* **Data entries**
BEGIN

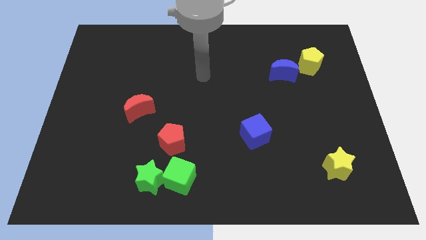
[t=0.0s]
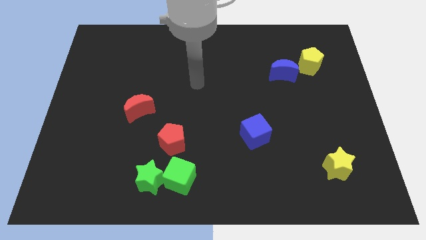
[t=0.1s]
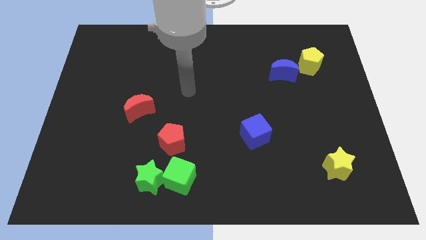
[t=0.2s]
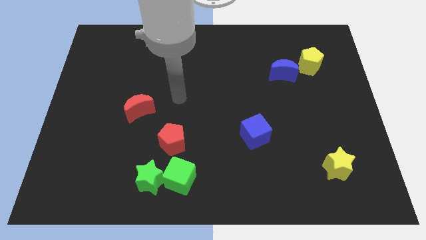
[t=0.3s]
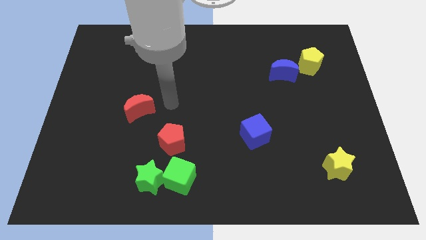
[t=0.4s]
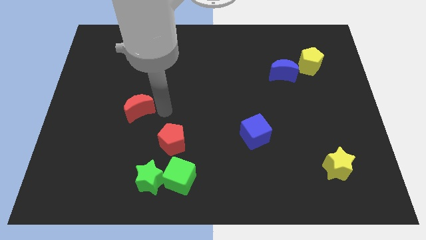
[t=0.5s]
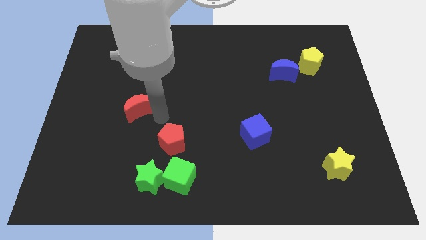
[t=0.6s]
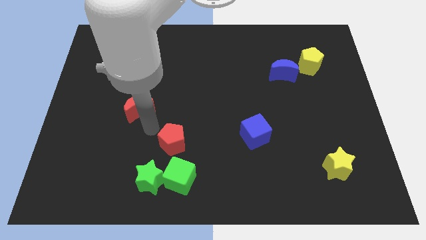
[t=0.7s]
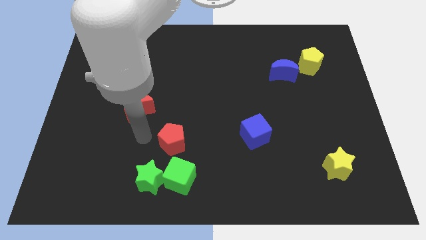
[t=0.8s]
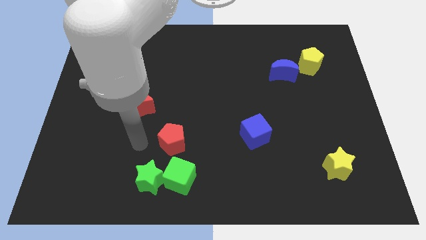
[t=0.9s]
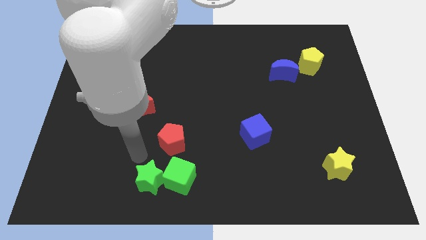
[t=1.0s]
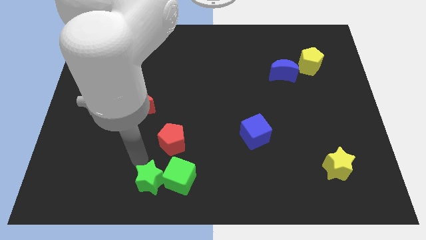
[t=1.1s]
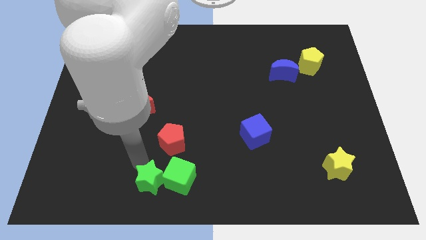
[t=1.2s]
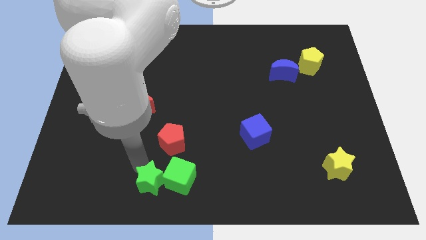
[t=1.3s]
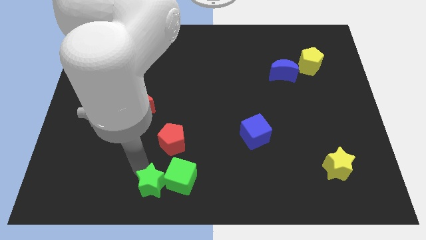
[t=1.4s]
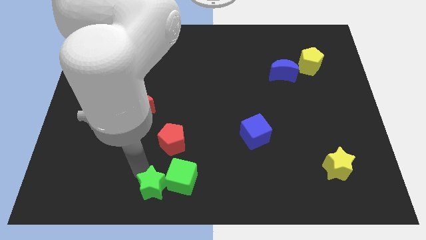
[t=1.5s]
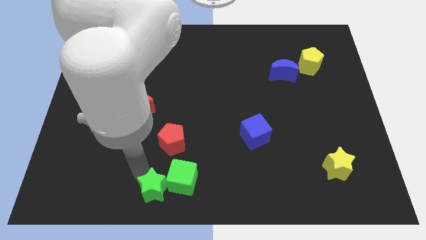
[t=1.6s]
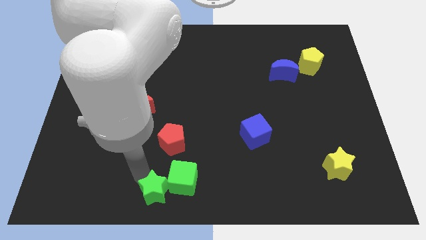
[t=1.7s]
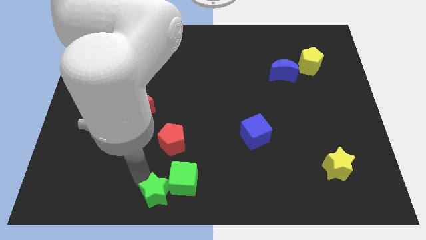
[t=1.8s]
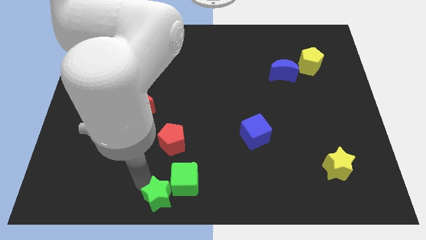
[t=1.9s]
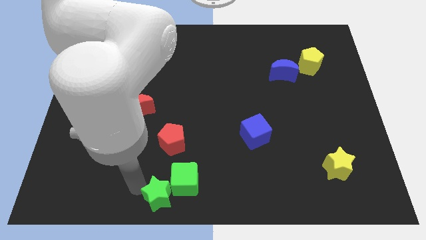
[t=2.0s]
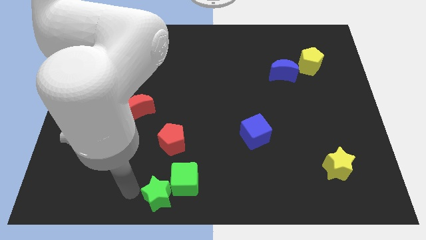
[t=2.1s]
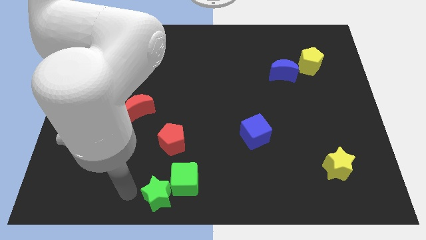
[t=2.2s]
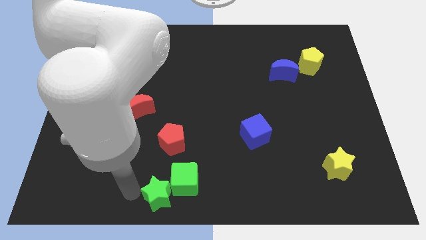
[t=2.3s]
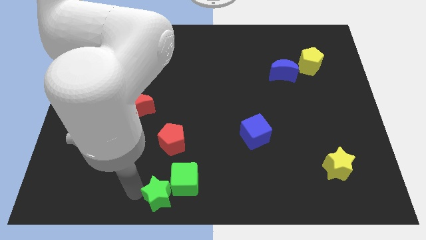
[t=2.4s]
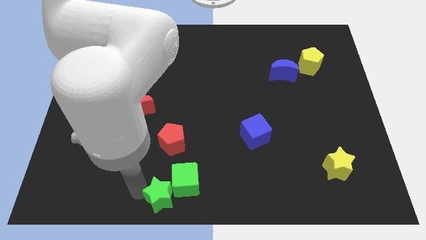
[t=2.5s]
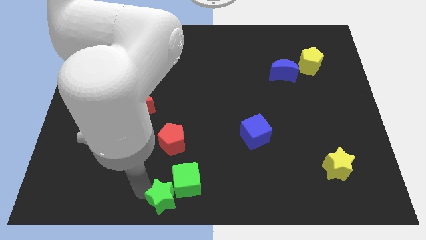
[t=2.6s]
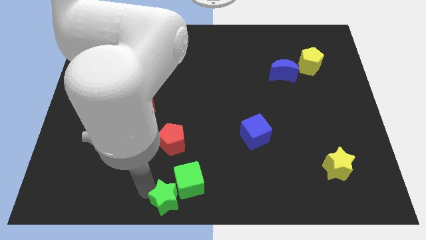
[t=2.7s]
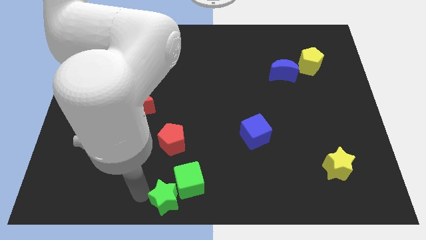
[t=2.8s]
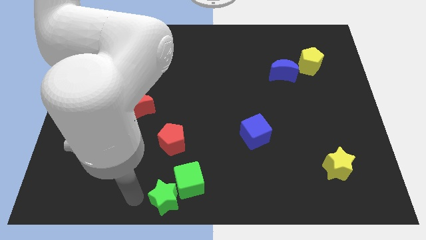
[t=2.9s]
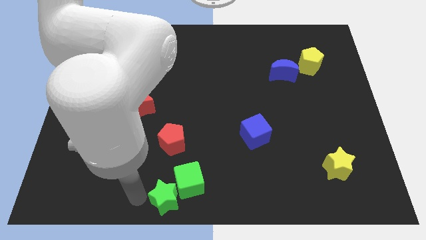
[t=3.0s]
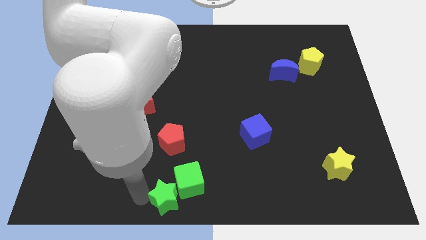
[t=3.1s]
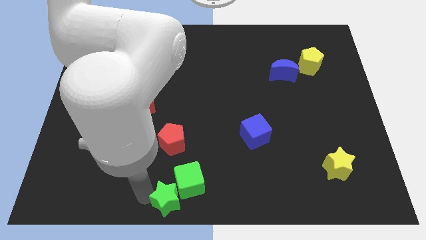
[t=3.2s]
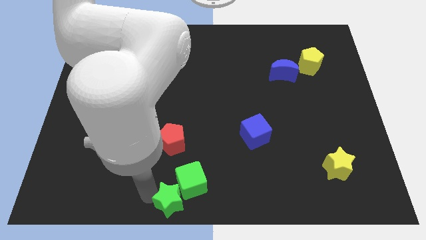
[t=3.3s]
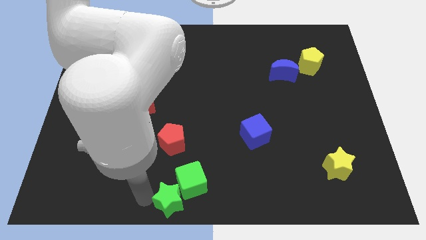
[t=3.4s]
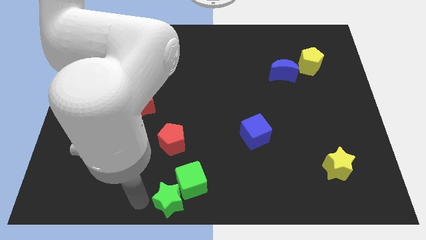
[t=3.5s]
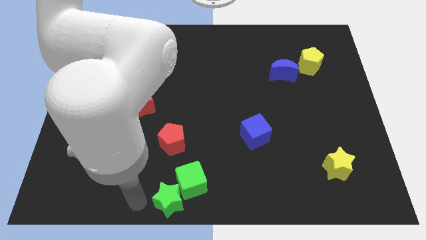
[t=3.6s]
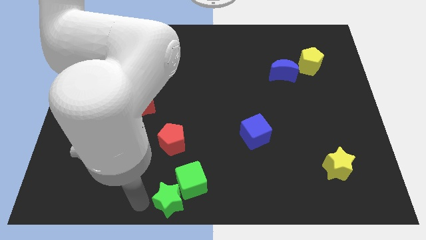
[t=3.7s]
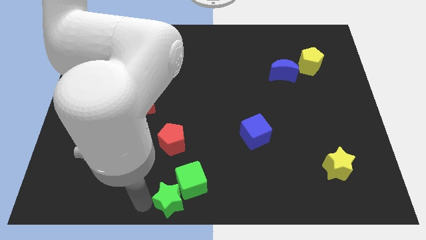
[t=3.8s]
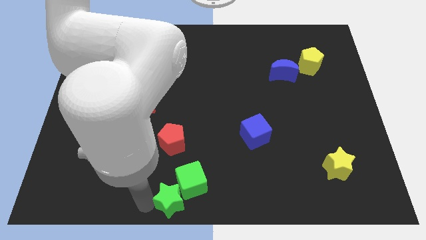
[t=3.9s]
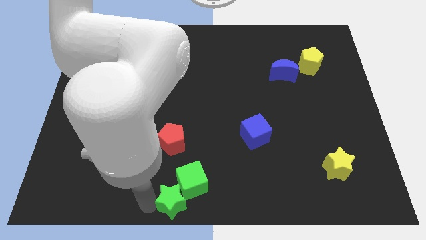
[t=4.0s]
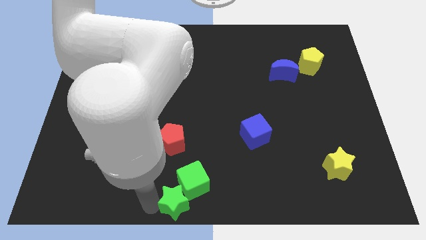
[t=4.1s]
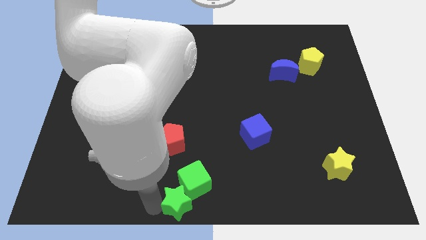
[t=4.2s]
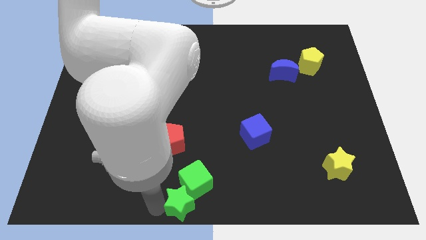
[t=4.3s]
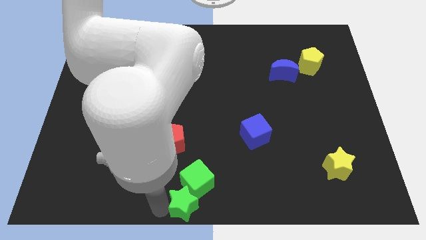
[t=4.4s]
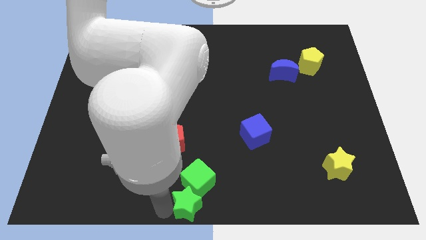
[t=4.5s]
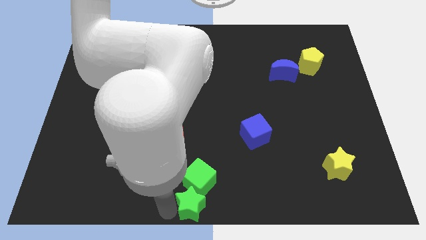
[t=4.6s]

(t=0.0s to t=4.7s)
slightly move the green star right

END

* **WORK REQUEST**
Apart from the pictures, all of the data should be repeated exactly.

* **TASK SOLUTION**
[t=0.0s]
[t=0.1s]
[t=0.2s]
[t=0.3s]
[t=0.4s]
[t=0.5s]
[t=0.6s]
[t=0.7s]
[t=0.8s]
[t=0.9s]
[t=1.0s]
[t=1.1s]
[t=1.2s]
[t=1.3s]
[t=1.4s]
[t=1.5s]
[t=1.6s]
[t=1.7s]
[t=1.8s]
[t=1.9s]
[t=2.0s]
[t=2.1s]
[t=2.2s]
[t=2.3s]
[t=2.4s]
[t=2.5s]
[t=2.6s]
[t=2.7s]
[t=2.8s]
[t=2.9s]
[t=3.0s]
[t=3.1s]
[t=3.2s]
[t=3.3s]
[t=3.4s]
[t=3.5s]
[t=3.6s]
[t=3.7s]
[t=3.8s]
[t=3.9s]
[t=4.0s]
[t=4.1s]
[t=4.2s]
[t=4.3s]
[t=4.4s]
[t=4.5s]
[t=4.6s]

(t=0.0s to t=4.7s)
slightly move the green star right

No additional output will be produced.